リサーチ

2020.09.02

働き方の変化と、生活・健康管理の関係性

睡眠の質が下がり夜型傾向に…リモートワーク推進の課題が浮き彫りに

株式会社ブレインスリープは2020年4月、新型コロナウイルス感染拡大で緊急事態宣言が早期に発令された7都府県(東京、神奈川、埼玉、千葉、大阪、兵庫、福岡)の有識者1000人(男女20~69歳)を対象に、『生活に関するアンケート』を実施。新型コロナウイルスがもたらした働き方や生活の変化から、これからの暮らしや働き方改革の課題を考察する。

新型コロナウイルス感染拡大の影響で、リモートワークの推進が急速に進んだ。

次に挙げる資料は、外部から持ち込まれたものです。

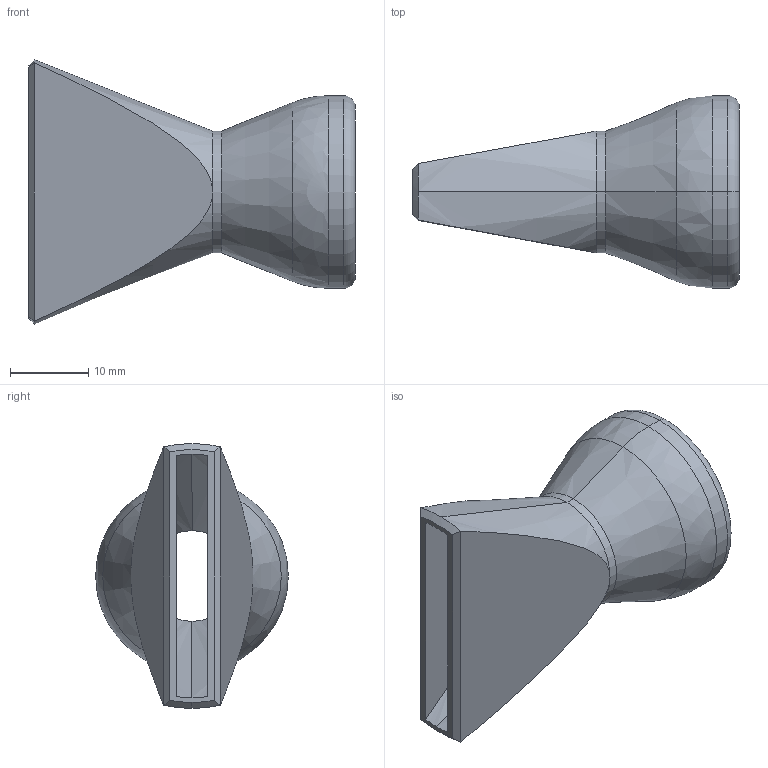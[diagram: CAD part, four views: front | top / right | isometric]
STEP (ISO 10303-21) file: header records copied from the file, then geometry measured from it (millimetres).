
FILE_DESCRIPTION (( 'STEP AP203' ), '1' );
FILE_NAME ('1-2 x 1-1-4 Flare Nozzle.STEP', '2005-02-04T23:57:23', ( 'mark lockwood' ), ( 'lockwood products inc.' ), 'SwSTEP 2.0', 'SolidWorks 2004146', '' );
FILE_SCHEMA (( 'CONFIG_CONTROL_DESIGN' ));
Length unit declared in the file: inch
Products named in the file (1): 1-2 x 1-1-4 Flare Nozzle
Bounding box: 41.91 x 24.69 x 33.91 mm (x, y, z)
Volume: 4221 mm3; surface area: 5542.1 mm2
Topology: 1 solids, 1 shells, 32 faces, 78 edges, 44 vertices
Faces by surface type: cone 12, plane 8, cylinder 6, sphere 4, torus 2
Entity records: 1117 total; most frequent: CARTESIAN_POINT 331, DIRECTION 164, ORIENTED_EDGE 138, AXIS2_PLACEMENT_3D 72, EDGE_CURVE 69, CIRCLE 39, VERTEX_POINT 39, EDGE_LOOP 34
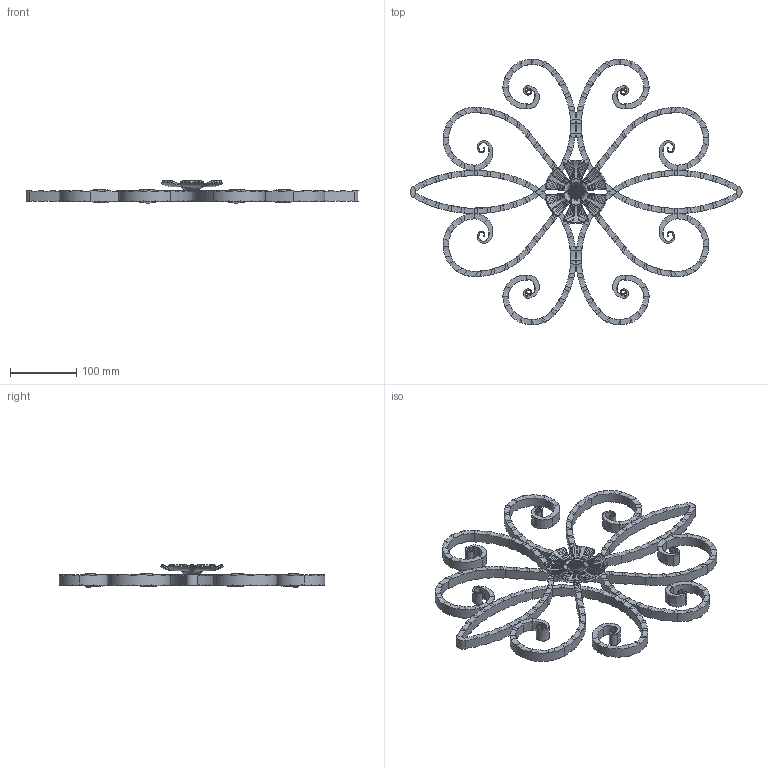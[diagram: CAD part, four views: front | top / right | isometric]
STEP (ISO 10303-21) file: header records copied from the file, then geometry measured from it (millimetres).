
FILE_DESCRIPTION (( 'STEP AP203' ), '1' );
FILE_NAME ('4574.STEP', '2023-11-22T14:15:48', ( '' ), ( '' ), 'SwSTEP 2.0', 'SolidWorks 2018', '' );
FILE_SCHEMA (( 'CONFIG_CONTROL_DESIGN' ));
Products named in the file (1): 4574
Bounding box: 499.93 x 400 x 33.23 mm (x, y, z)
Volume: 506482.9 mm3; surface area: 212775.4 mm2
Topology: 7 solids, 7 shells, 1658 faces, 4596 edges, 3004 vertices
Faces by surface type: plane 824, cylinder 506, bspline 156, torus 99, sphere 67, cone 6
Full cylindrical faces by diameter (mm): 10 x1, 22 x1
Entity records: 68631 total; most frequent: CARTESIAN_POINT 27671, ORIENTED_EDGE 9176, DIRECTION 8045, EDGE_CURVE 4588, AXIS2_PLACEMENT_3D 3250, VERTEX_POINT 3001, CIRCLE 1747, EDGE_LOOP 1719
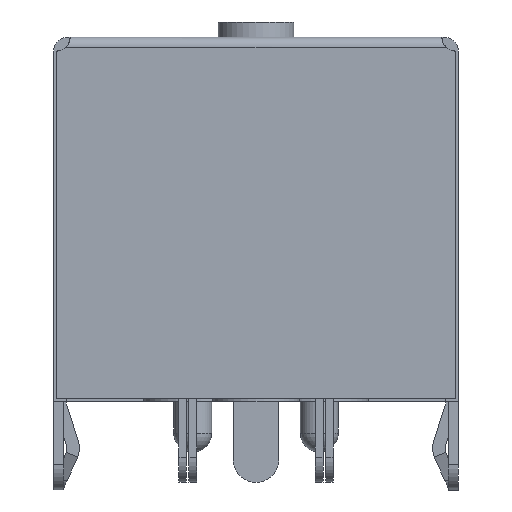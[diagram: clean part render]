
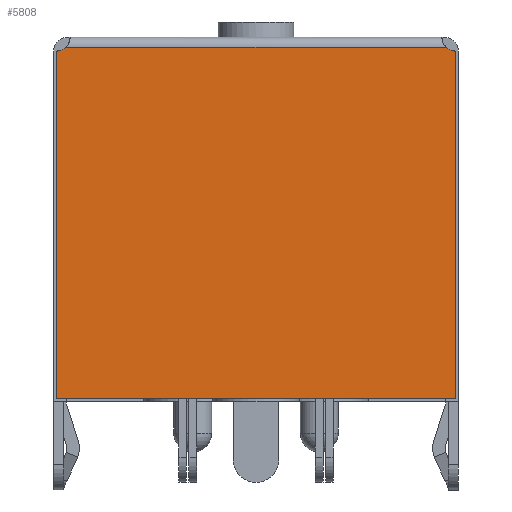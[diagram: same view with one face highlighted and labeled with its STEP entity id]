
A CAD part, front view. The second image highlights one B-rep face of the part: STEP entity #5808.
In plain terms, the highlighted planar face has unit normal (0, -1, 0).
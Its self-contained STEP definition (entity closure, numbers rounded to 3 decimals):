
#5624=CARTESIAN_POINT('',(-7.523,-6.5,14.));
#5625=VERTEX_POINT('',#5624);
#5626=CARTESIAN_POINT('',(-7.9,-6.5,13.85));
#5627=VERTEX_POINT('',#5626);
#5628=CARTESIAN_POINT('',(-7.9,-6.5,14.4));
#5629=DIRECTION('',(0.0,1.0,0.0));
#5630=DIRECTION('',(-1.0,0.0,0.0));
#5631=AXIS2_PLACEMENT_3D('',#5628,#5629,#5630);
#5632=CIRCLE('',#5631,0.55);
#5633=EDGE_CURVE('',#5625,#5627,#5632,.T.);
#5675=CARTESIAN_POINT('',(-7.9,-6.5,0.101));
#5676=VERTEX_POINT('',#5675);
#5683=CARTESIAN_POINT('',(-7.9,-6.5,13.85));
#5684=DIRECTION('',(0.0,0.0,-1.0));
#5685=VECTOR('',#5684,13.749);
#5686=LINE('',#5683,#5685);
#5687=EDGE_CURVE('',#5627,#5676,#5686,.T.);
#5706=CARTESIAN_POINT('',(7.9,-6.5,0.101));
#5707=VERTEX_POINT('',#5706);
#5714=CARTESIAN_POINT('',(-7.9,-6.5,0.101));
#5715=DIRECTION('',(1.0,0.0,0.0));
#5716=VECTOR('',#5715,15.8);
#5717=LINE('',#5714,#5716);
#5718=EDGE_CURVE('',#5676,#5707,#5717,.T.);
#5730=CARTESIAN_POINT('',(7.9,-6.5,13.85));
#5731=VERTEX_POINT('',#5730);
#5738=CARTESIAN_POINT('',(7.9,-6.5,0.101));
#5739=DIRECTION('',(0.0,0.0,1.0));
#5740=VECTOR('',#5739,13.749);
#5741=LINE('',#5738,#5740);
#5742=EDGE_CURVE('',#5707,#5731,#5741,.T.);
#5754=CARTESIAN_POINT('',(7.523,-6.5,14.));
#5755=VERTEX_POINT('',#5754);
#5779=CARTESIAN_POINT('',(7.9,-6.5,14.4));
#5780=DIRECTION('',(0.0,1.0,0.0));
#5781=DIRECTION('',(1.0,0.0,0.0));
#5782=AXIS2_PLACEMENT_3D('',#5779,#5780,#5781);
#5783=CIRCLE('',#5782,0.55);
#5784=EDGE_CURVE('',#5731,#5755,#5783,.T.);
#5790=CARTESIAN_POINT('',(8.69,-6.5,-0.594));
#5791=DIRECTION('',(0.0,1.0,0.0));
#5792=DIRECTION('',(-1.0,0.0,0.0));
#5793=AXIS2_PLACEMENT_3D('',#5790,#5791,#5792);
#5794=PLANE('',#5793);
#5795=ORIENTED_EDGE('',*,*,#5784,.T.);
#5796=CARTESIAN_POINT('',(7.523,-6.5,14.));
#5797=DIRECTION('',(-1.0,0.0,0.0));
#5798=VECTOR('',#5797,15.045);
#5799=LINE('',#5796,#5798);
#5800=EDGE_CURVE('',#5755,#5625,#5799,.T.);
#5801=ORIENTED_EDGE('',*,*,#5800,.T.);
#5802=ORIENTED_EDGE('',*,*,#5633,.T.);
#5803=ORIENTED_EDGE('',*,*,#5687,.T.);
#5804=ORIENTED_EDGE('',*,*,#5718,.T.);
#5805=ORIENTED_EDGE('',*,*,#5742,.T.);
#5806=EDGE_LOOP('',(#5795,#5801,#5802,#5803,#5804,#5805));
#5807=FACE_OUTER_BOUND('',#5806,.T.);
#5808=ADVANCED_FACE('',(#5807),#5794,.F.);
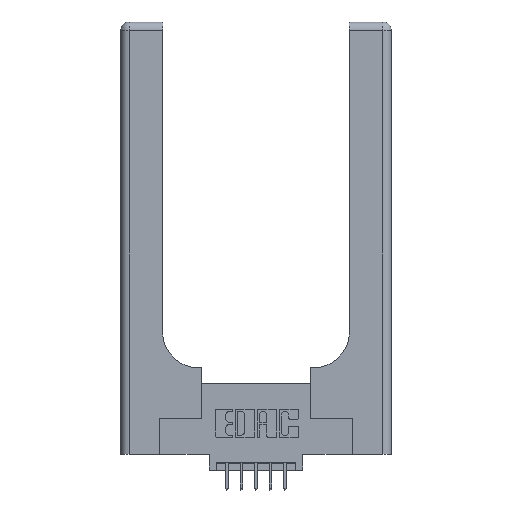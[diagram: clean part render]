
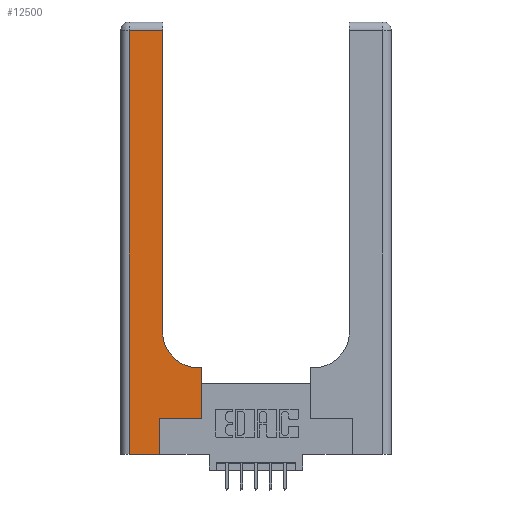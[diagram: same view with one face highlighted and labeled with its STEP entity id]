
A CAD part, top view. The second image highlights one B-rep face of the part: STEP entity #12500.
In plain terms, the highlighted planar face has unit normal (0, 0, 1).
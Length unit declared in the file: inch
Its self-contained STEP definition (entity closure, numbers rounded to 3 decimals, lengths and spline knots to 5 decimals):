
#166 = VECTOR ( 'NONE', #3048, 39.37008 ) ;
#370 = CARTESIAN_POINT ( 'NONE',  ( 0., 3., 0.37 ) ) ;
#442 = DIRECTION ( 'NONE',  ( 0., 0., -1. ) ) ;
#599 = CARTESIAN_POINT ( 'NONE',  ( 0.269, 0., 0.37 ) ) ;
#723 = CARTESIAN_POINT ( 'NONE',  ( 0., 0., 0.37 ) ) ;
#733 = ORIENTED_EDGE ( 'NONE', *, *, #10231, .T. ) ;
#1509 = CARTESIAN_POINT ( 'NONE',  ( 0.5585, 0.25, 0.37 ) ) ;
#1514 = VERTEX_POINT ( 'NONE', #5203 ) ;
#1692 = LINE ( 'NONE', #9339, #1787 ) ;
#1787 = VECTOR ( 'NONE', #7104, 39.37008 ) ;
#1837 = EDGE_CURVE ( 'NONE', #1514, #10183, #11079, .T. ) ;
#1921 = ORIENTED_EDGE ( 'NONE', *, *, #3940, .T. ) ;
#2280 = DIRECTION ( 'NONE',  ( 1., 0., 0. ) ) ;
#2534 = VERTEX_POINT ( 'NONE', #13916 ) ;
#2626 = EDGE_CURVE ( 'NONE', #10874, #12396, #10654, .T. ) ;
#2717 = VECTOR ( 'NONE', #13513, 39.37008 ) ;
#2813 = EDGE_CURVE ( 'NONE', #12964, #3164, #5300, .T. ) ;
#2923 = LINE ( 'NONE', #599, #3168 ) ;
#2942 = AXIS2_PLACEMENT_3D ( 'NONE', #370, #442, #10351 ) ;
#3048 = DIRECTION ( 'NONE',  ( 1., 0., 0. ) ) ;
#3132 = EDGE_CURVE ( 'NONE', #10183, #2534, #9084, .T. ) ;
#3164 = VERTEX_POINT ( 'NONE', #10529 ) ;
#3168 = VECTOR ( 'NONE', #9414, 39.37008 ) ;
#3495 = VERTEX_POINT ( 'NONE', #11380 ) ;
#3553 = CARTESIAN_POINT ( 'NONE',  ( 0., 2.94, 0.37 ) ) ;
#3563 = PLANE ( 'NONE',  #2942 ) ;
#3940 = EDGE_CURVE ( 'NONE', #12396, #11936, #11412, .T. ) ;
#4567 = DIRECTION ( 'NONE',  ( -1., 0., 0. ) ) ;
#4584 = VECTOR ( 'NONE', #4567, 39.37008 ) ;
#4843 = CARTESIAN_POINT ( 'NONE',  ( 0.5415, 0.6, 0.37 ) ) ;
#5203 = CARTESIAN_POINT ( 'NONE',  ( 0.2915, 2.94, 0.37 ) ) ;
#5296 = LINE ( 'NONE', #723, #166 ) ;
#5300 = CIRCLE ( 'NONE', #6671, 0.25 ) ;
#6061 = DIRECTION ( 'NONE',  ( 0., 1., 0. ) ) ;
#6555 = CARTESIAN_POINT ( 'NONE',  ( 0.5585, 0.6, 0.37 ) ) ;
#6671 = AXIS2_PLACEMENT_3D ( 'NONE', #8249, #9049, #6881 ) ;
#6881 = DIRECTION ( 'NONE',  ( 1., 0., 0. ) ) ;
#6942 = ORIENTED_EDGE ( 'NONE', *, *, #11554, .T. ) ;
#7036 = CARTESIAN_POINT ( 'NONE',  ( 0.06, 2.94, 0.37 ) ) ;
#7104 = DIRECTION ( 'NONE',  ( 0., 1., 0. ) ) ;
#7298 = ORIENTED_EDGE ( 'NONE', *, *, #3132, .T. ) ;
#7483 = ORIENTED_EDGE ( 'NONE', *, *, #2626, .T. ) ;
#7528 = VECTOR ( 'NONE', #9066, 39.37008 ) ;
#7788 = VECTOR ( 'NONE', #2280, 39.37008 ) ;
#7946 = CARTESIAN_POINT ( 'NONE',  ( 0.269, 0.25, 0.37 ) ) ;
#8249 = CARTESIAN_POINT ( 'NONE',  ( 0.5415, 0.85, 0.37 ) ) ;
#9048 = FACE_OUTER_BOUND ( 'NONE', #10341, .T. ) ;
#9049 = DIRECTION ( 'NONE',  ( 0., 0., -1. ) ) ;
#9066 = DIRECTION ( 'NONE',  ( -1., 0., 0. ) ) ;
#9084 = LINE ( 'NONE', #13291, #2717 ) ;
#9339 = CARTESIAN_POINT ( 'NONE',  ( 0.2915, 3., 0.37 ) ) ;
#9363 = ORIENTED_EDGE ( 'NONE', *, *, #1837, .T. ) ;
#9414 = DIRECTION ( 'NONE',  ( 0., 1., 0. ) ) ;
#9484 = CARTESIAN_POINT ( 'NONE',  ( 0.269, 0.25, 0.37 ) ) ;
#10183 = VERTEX_POINT ( 'NONE', #7036 ) ;
#10201 = EDGE_CURVE ( 'NONE', #3164, #1514, #1692, .T. ) ;
#10231 = EDGE_CURVE ( 'NONE', #3495, #10874, #2923, .T. ) ;
#10341 = EDGE_LOOP ( 'NONE', ( #10387, #9363, #7298, #13714, #733, #7483, #1921, #6942, #13535 ) ) ;
#10351 = DIRECTION ( 'NONE',  ( -1., 0., 0. ) ) ;
#10387 = ORIENTED_EDGE ( 'NONE', *, *, #10201, .T. ) ;
#10529 = CARTESIAN_POINT ( 'NONE',  ( 0.2915, 0.85, 0.37 ) ) ;
#10654 = LINE ( 'NONE', #9484, #7788 ) ;
#10676 = EDGE_CURVE ( 'NONE', #2534, #3495, #5296, .T. ) ;
#10874 = VERTEX_POINT ( 'NONE', #7946 ) ;
#11079 = LINE ( 'NONE', #3553, #4584 ) ;
#11244 = CARTESIAN_POINT ( 'NONE',  ( 0.2915, 0.6, 0.37 ) ) ;
#11380 = CARTESIAN_POINT ( 'NONE',  ( 0.269, 0., 0.37 ) ) ;
#11412 = LINE ( 'NONE', #1509, #12944 ) ;
#11554 = EDGE_CURVE ( 'NONE', #11936, #12964, #13835, .T. ) ;
#11936 = VERTEX_POINT ( 'NONE', #6555 ) ;
#12396 = VERTEX_POINT ( 'NONE', #12921 ) ;
#12500 = ADVANCED_FACE ( 'NONE', ( #9048 ), #3563, .F. ) ;
#12921 = CARTESIAN_POINT ( 'NONE',  ( 0.5585, 0.25, 0.37 ) ) ;
#12944 = VECTOR ( 'NONE', #6061, 39.37008 ) ;
#12964 = VERTEX_POINT ( 'NONE', #4843 ) ;
#13291 = CARTESIAN_POINT ( 'NONE',  ( 0.06, 3., 0.37 ) ) ;
#13513 = DIRECTION ( 'NONE',  ( 0., -1., 0. ) ) ;
#13535 = ORIENTED_EDGE ( 'NONE', *, *, #2813, .T. ) ;
#13714 = ORIENTED_EDGE ( 'NONE', *, *, #10676, .T. ) ;
#13835 = LINE ( 'NONE', #11244, #7528 ) ;
#13916 = CARTESIAN_POINT ( 'NONE',  ( 0.06, 0., 0.37 ) ) ;
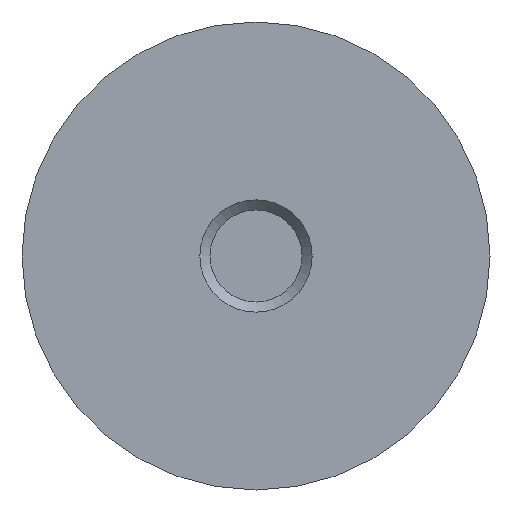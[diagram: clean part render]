
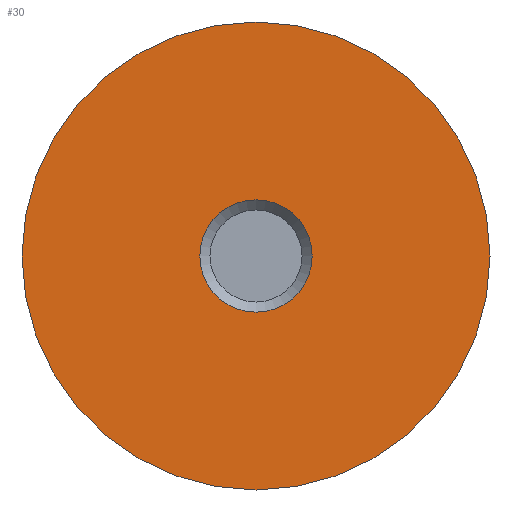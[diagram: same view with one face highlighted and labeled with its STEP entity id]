
A CAD part, front view. The second image highlights one B-rep face of the part: STEP entity #30.
In plain terms, the highlighted planar face has unit normal (0, -1, 0).
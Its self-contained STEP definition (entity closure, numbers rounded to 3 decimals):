
#30 = ADVANCED_FACE( '', ( #59, #60 ), #61, .F. );
#59 = FACE_BOUND( '', #88, .T. );
#60 = FACE_OUTER_BOUND( '', #89, .T. );
#61 = PLANE( '', #90 );
#88 = EDGE_LOOP( '', ( #111 ) );
#89 = EDGE_LOOP( '', ( #112 ) );
#90 = AXIS2_PLACEMENT_3D( '', #113, #114, #115 );
#111 = ORIENTED_EDGE( '', *, *, #145, .F. );
#112 = ORIENTED_EDGE( '', *, *, #146, .T. );
#113 = CARTESIAN_POINT( '', ( 12.5, 0., 0. ) );
#114 = DIRECTION( '', ( 0., 1., 0. ) );
#115 = DIRECTION( '', ( 0., 0., 1. ) );
#145 = EDGE_CURVE( '', #156, #156, #157, .T. );
#146 = EDGE_CURVE( '', #158, #158, #159, .T. );
#156 = VERTEX_POINT( '', #172 );
#157 = CIRCLE( '', #173, 3. );
#158 = VERTEX_POINT( '', #174 );
#159 = CIRCLE( '', #175, 12.5 );
#172 = CARTESIAN_POINT( '', ( 0., 0., -3. ) );
#173 = AXIS2_PLACEMENT_3D( '', #187, #188, #189 );
#174 = CARTESIAN_POINT( '', ( 0., 0., -12.5 ) );
#175 = AXIS2_PLACEMENT_3D( '', #190, #191, #192 );
#187 = CARTESIAN_POINT( '', ( 0., 0., 0. ) );
#188 = DIRECTION( '', ( 0., -1., 0. ) );
#189 = DIRECTION( '', ( 0., 0., -1. ) );
#190 = CARTESIAN_POINT( '', ( 0., 0., 0. ) );
#191 = DIRECTION( '', ( 0., -1., 0. ) );
#192 = DIRECTION( '', ( 0., 0., -1. ) );

緊急事態宣言下で、リモートワークが可能な業種・職種では、これまでリモートワークに縁がなかった人が在宅勤務を経験するケースも増え、手探りで取り組むこともあったのではないだろうか。

慣れない在宅勤務で、業務の遂行や生活リズムの維持に戸惑うビジネスパーソンも多く、さまざまなメディアで在宅勤務のコツや注意点等の特集を見かけた。


緊急事態宣言が全国的に解除された後も、感染拡大の第2派・第3派を回避するための新しい生活様式として、リモートワークの継続が推奨されているが、経験から何を学び、今後にいかしていけば良いのだろうか。


株式会社ブレインスリープが発表した『「生活に関するアンケート」に関する調査』から、働き方の変化が生活にどのような影響を及ぼすのかを具体的に知ることができる。調査では、過半数が新型コロナウイルスによって働き方に変化があったと回答した。


そのうち、リモートワークが32.7%で最多、次いで時差出勤が26.2%。地域別で見ると、働き方に変化があった人が最も多かったのは東京(64.9%)で、4割近い人がリモートワークを経験したようだ。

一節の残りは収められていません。